Réunion du 17 mai 2011 à 16h45
Commission du développement durable et de l’aménagement du territoire

Jacques Attali, président de la commission pour la libération de la croissance française :

C'est un plaisir et un honneur pour moi d'être parmi vous, en compagnie de deux membres de la Commission pour la libération de la croissance française. En créant un bureau d'études et d'ingénierie qui travaille sur l'énergie, M. Jihade Belamri a prouvé qu'on pouvait venir d'une petite ville de province et fonder une entreprise multinationale. M. Alain Quinet, rapporteur général de la Commission, est directeur général délégué de Réseau Ferré de France (RFF).

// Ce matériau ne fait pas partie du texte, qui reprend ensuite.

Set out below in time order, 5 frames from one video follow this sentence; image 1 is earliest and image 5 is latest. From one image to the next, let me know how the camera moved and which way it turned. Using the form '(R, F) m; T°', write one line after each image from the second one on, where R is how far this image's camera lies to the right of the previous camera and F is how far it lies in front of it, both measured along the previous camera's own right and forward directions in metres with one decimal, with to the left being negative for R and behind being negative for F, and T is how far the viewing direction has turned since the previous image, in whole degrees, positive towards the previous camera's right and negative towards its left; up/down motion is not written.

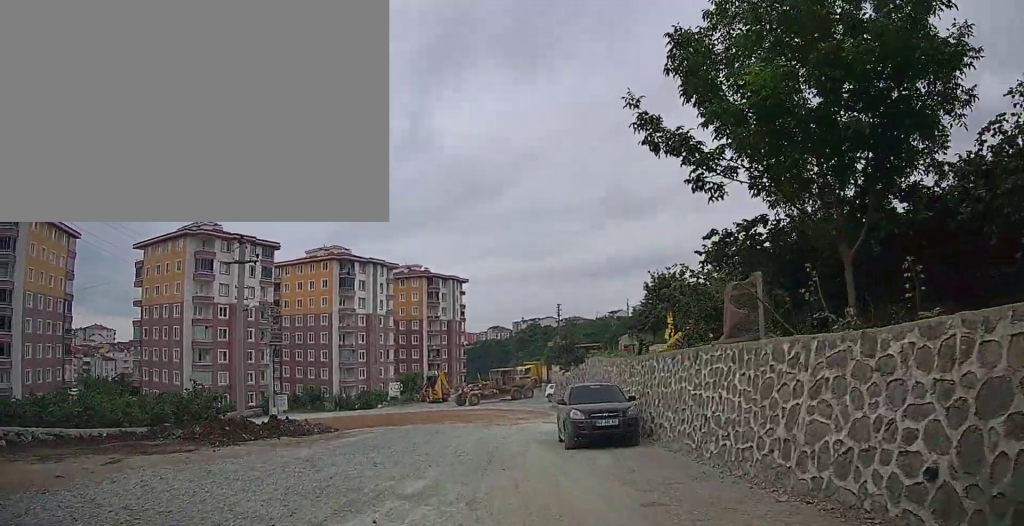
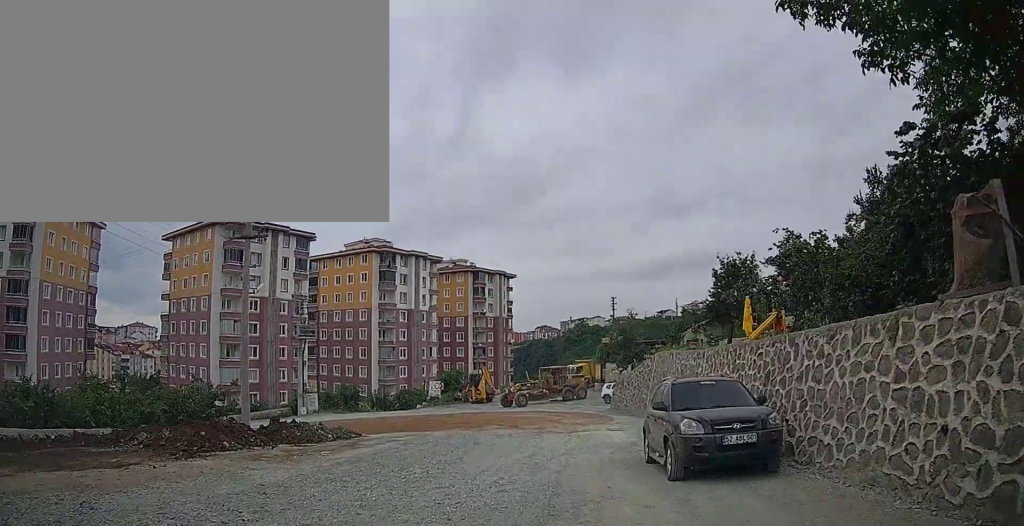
(0.0, +5.1) m; -4°
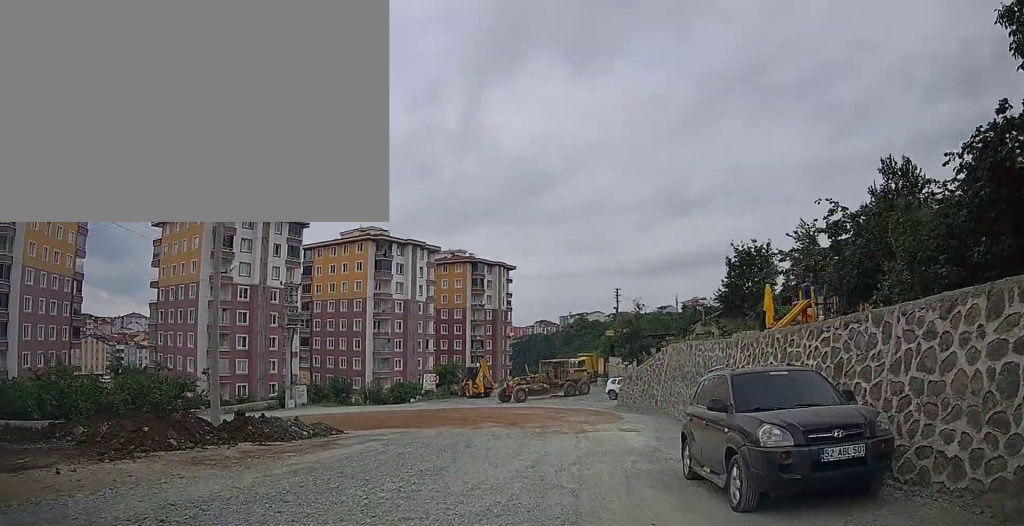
(-0.2, +2.6) m; -1°
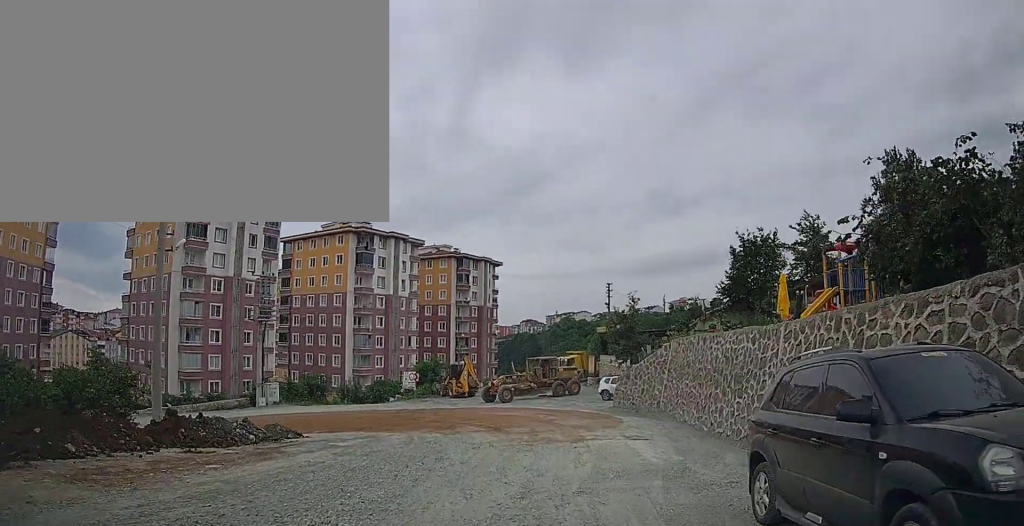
(-0.2, +3.2) m; 0°
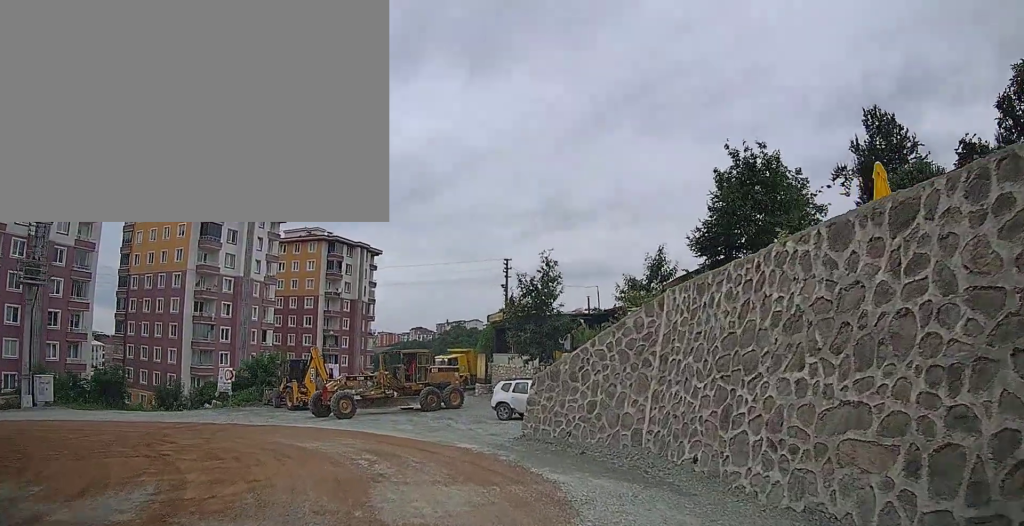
(+2.5, +15.2) m; +12°

Les facteurs de la croissance mondiale peuvent sembler extrêmement forts, alors même que celle-ci est fondée sur du sable. Son taux annuel, de 4,5 % en moyenne, varie de 1 % à 11 % d'un État à l'autre, pour une moyenne de 3 % dans les pays de l'OCDE, entre lesquels il existe des écarts considérables. La croissance mondiale, qui n'a réellement subi de choc qu'en 2009, se maintient toutefois au prix d'une grande incertitude sur son financement. Dans la plupart des pays, notamment ceux de l'OCDE, elle est soutenue par l'endettement, la gestion de la crise n'ayant été qu'un transfert de la dette privée vers la dette publique.

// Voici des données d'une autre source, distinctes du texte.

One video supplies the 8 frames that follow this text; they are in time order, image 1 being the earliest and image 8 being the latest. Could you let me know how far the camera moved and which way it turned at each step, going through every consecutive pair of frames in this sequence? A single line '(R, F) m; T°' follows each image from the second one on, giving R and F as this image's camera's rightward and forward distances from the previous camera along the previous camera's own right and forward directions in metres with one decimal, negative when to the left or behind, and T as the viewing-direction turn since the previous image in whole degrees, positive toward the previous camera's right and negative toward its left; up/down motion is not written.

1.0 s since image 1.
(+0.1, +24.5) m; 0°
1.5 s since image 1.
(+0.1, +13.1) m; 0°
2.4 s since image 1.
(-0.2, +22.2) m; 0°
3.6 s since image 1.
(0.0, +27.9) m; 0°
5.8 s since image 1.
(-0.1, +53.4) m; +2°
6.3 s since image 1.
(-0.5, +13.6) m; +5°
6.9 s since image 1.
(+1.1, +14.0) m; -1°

Aujourd'hui même, les États-Unis atteignent le plafond de la dette publique autorisée, ce qui leur impose de trouver en cinq à six semaines le moyen soit d'élever ce plafond soit de réduire la dépense etou d'augmenter les impôts. Des difficultés semblables apparaissent au Japon. Au même moment, le mistigri de la dette grecque va contraindre l'Europe à solliciter plus clairement soit, une fois encore, les contribuables ou le Fonds monétaire international, soit, pour une fois, les banques, soit enfin la Banque centrale européenne. Une telle situation me laisse penser que le grand théoricien de l'économie mondiale actuelle est non pas Keynes, mais Madoff, qui a montré que le meilleur moyen de rembourser une dette est au fond d'en contracter une autre.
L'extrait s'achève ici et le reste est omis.